# Monster Buck Ashtabula County.



## dwmikemx (Mar 22, 2008)

Check out this bruiser.. WOW just Wow.. 

http://www.news-herald.com/lifestyle/20131122/outdoors-geneva-man-harvests-24-point-deer


----------



## EYEFISHER2 (May 11, 2008)

Wow!!! One mans dreams are anothers dream come true


----------



## Shad Rap (Nov 10, 2010)

Old news...already posted under '24 point buck'.


----------



## Snakecharmer (Apr 9, 2008)

Shad Rap said:


> Old news...already posted under '24 point buck'.

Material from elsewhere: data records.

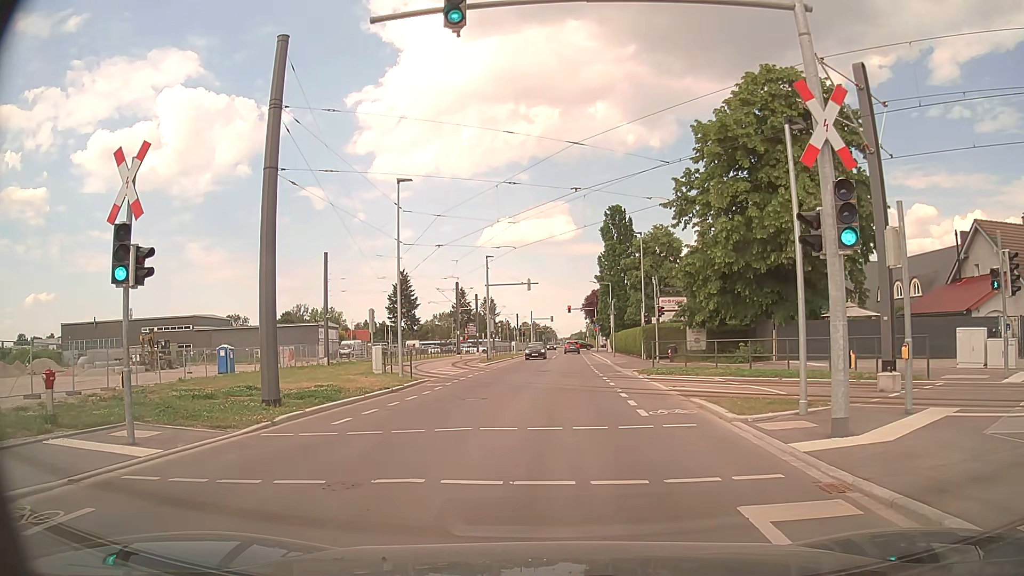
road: residential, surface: asphalt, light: Day
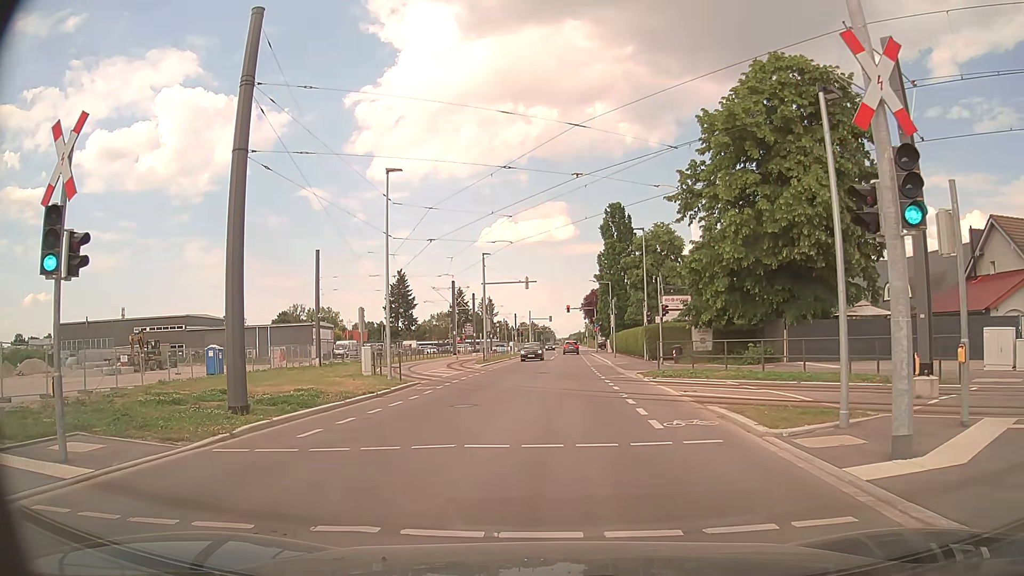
(0.0, +1.9) m; 0°
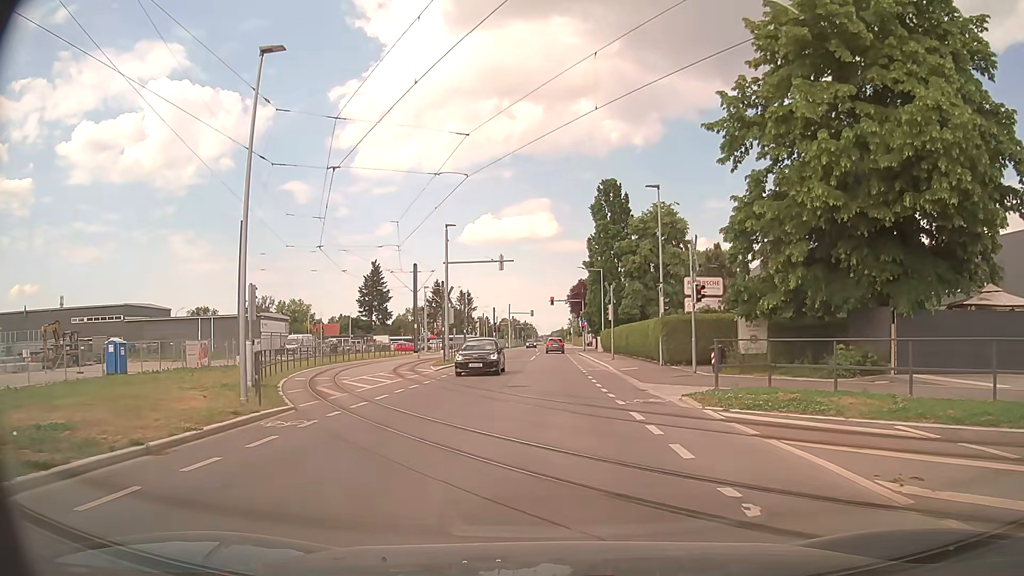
(+0.1, +11.9) m; +1°
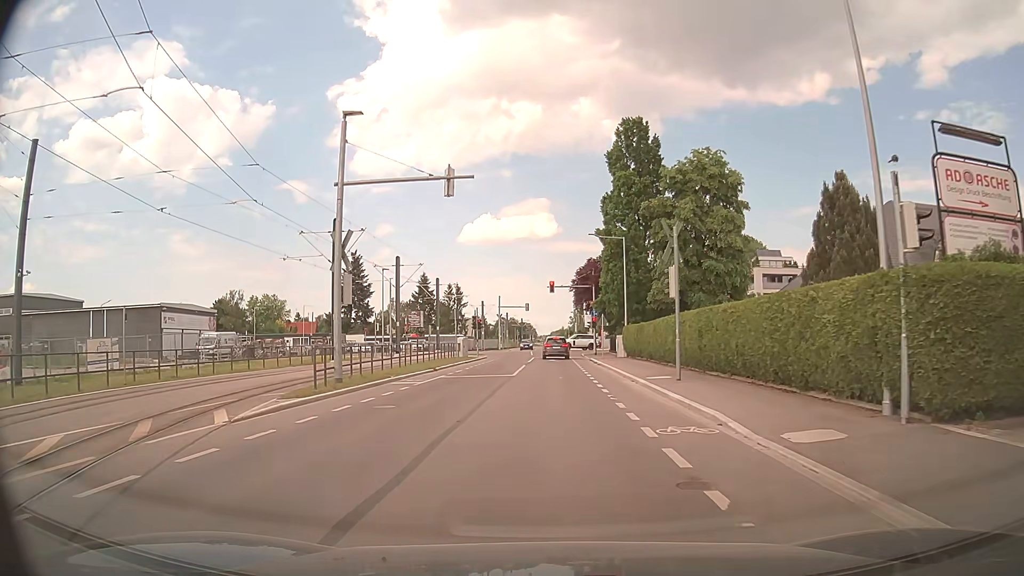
(+0.3, +21.4) m; 0°
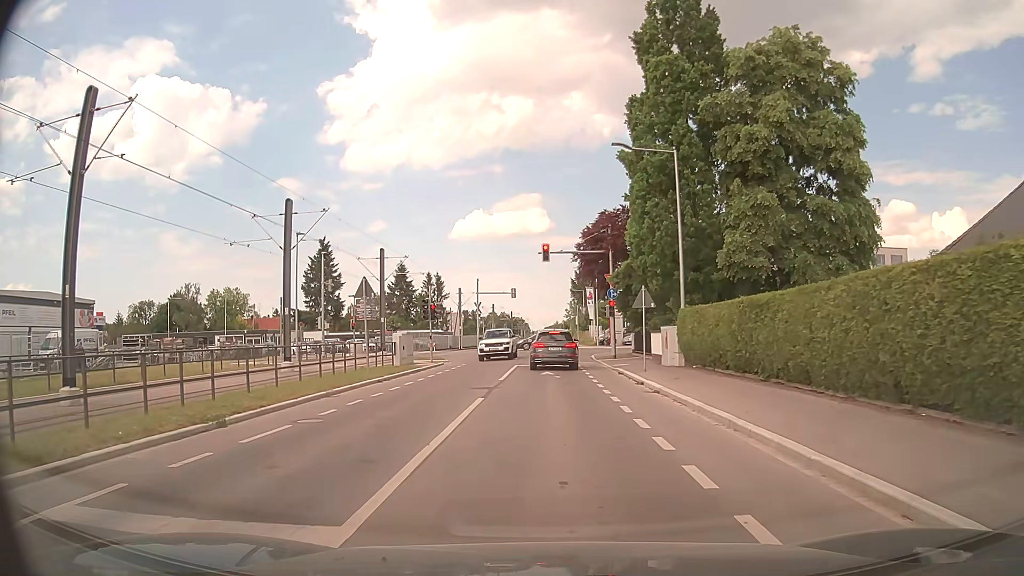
(+0.2, +21.1) m; +2°
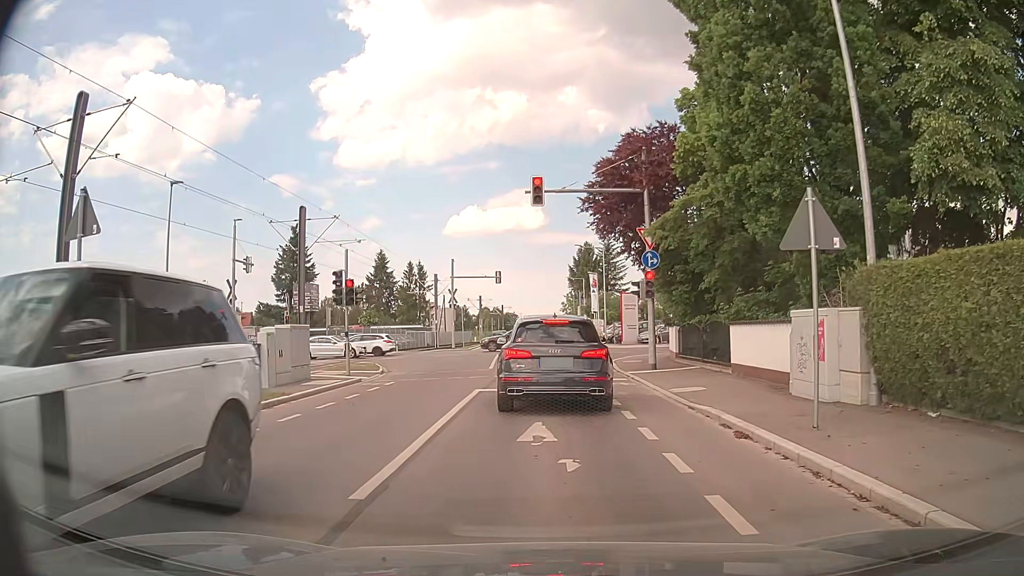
(-0.1, +15.1) m; 0°
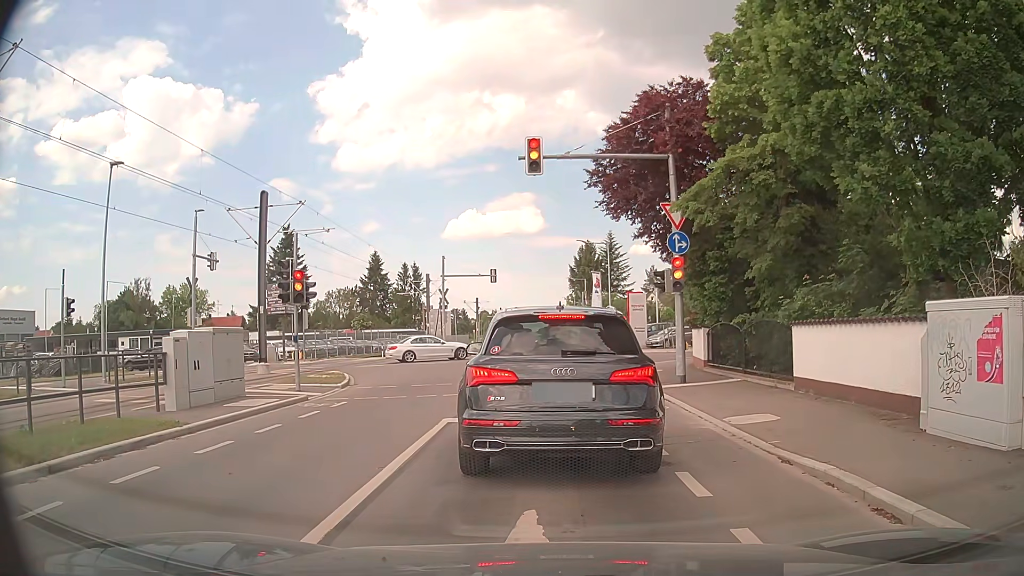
(0.0, +4.6) m; +2°
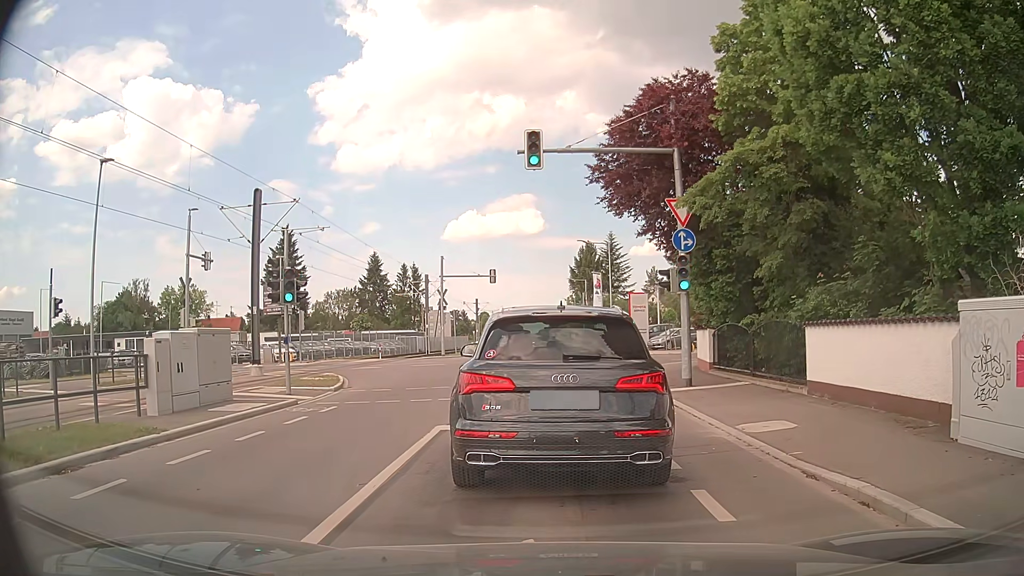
(0.0, +0.7) m; 0°
(0, +10) (-1, +20) (+1, +30) (+8, +36) (+18, +38) (+27, +40) (+37, +42) (+47, +45) (+56, +48) (+65, +52) m

Two different deer. The one you mentioned has a left drop tine.


----------



## Shad Rap (Nov 10, 2010)

Yeah my bad...I was mistaken...I read this article a while back and thought that it was on here...but it wasn't.


----------



## erik (Jun 15, 2010)

wow heck of a deer and good story


----------



## buckeyebowman (Feb 24, 2012)

Yeah, the prior post, "24 point buck" didn't have nearly the mass that this monster has! It's a cool story though, especially the part about the "full disclosure" agreement among the friends! That's something you just can't make up. Congrats to those guys! Can't imagine what would happen to me if a monster like that decided to walk by me. Maybe a heart attack or a stroke or something!


----------



## greatthosu (May 11, 2009)

WOW, What a Buck.


----------



## Lazy 8 (May 21, 2010)

That's ol grandpaw


----------



## joekacz (Sep 11, 2013)

Anybody know the weight of that buck??From photo's it surely look's well over 250#.


----------



## treytd32 (Jun 12, 2009)

hard to tell a weight from just the one picture of the rack I saw.. but my buck last year was 212 field dressed and caped so 250 doesn't seem unreasonable.


----------



## Snook (Aug 19, 2008)

What a stud...and so close to home. Awesome deer!


----------